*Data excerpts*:
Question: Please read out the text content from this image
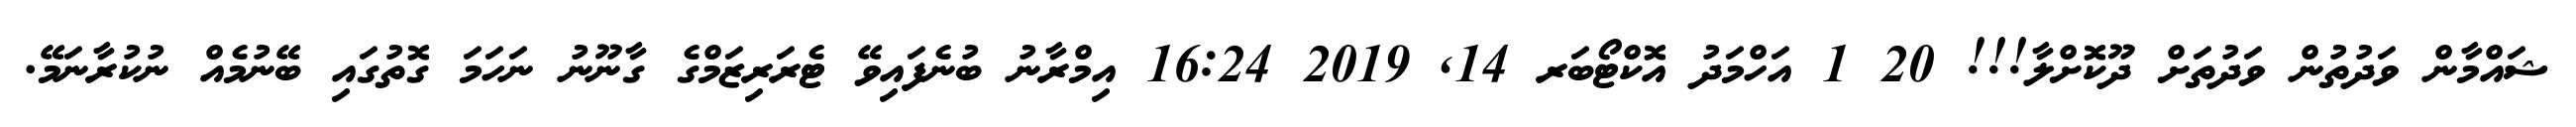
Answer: ޝައްމާން ވަދުތުން ވަދުތަށް ދޫކޮށްލާ!!! 20 1 އަހްމަދު އޮކްޓޯބަރ 14, 2019 16:24 އިމްރާނު ބުނެފައިވޭ ޓެރަރިޒަމްގެ ގާނޫނު ނަހަމަ ގޮތުގައި ބޭނުމެއް ނުކުރާނަމޭ.
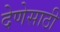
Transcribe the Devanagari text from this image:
देणेसाठी
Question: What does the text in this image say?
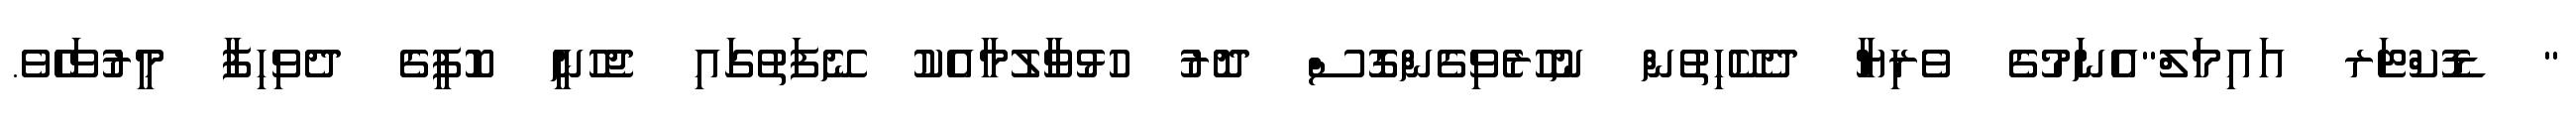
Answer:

*What is being asked*: Lines holding the word "Question" in the entries above are the ones to pull out. Copy them all.

*Output*:
Question: Please read out the text content from this image
Question: What does the text in this image say?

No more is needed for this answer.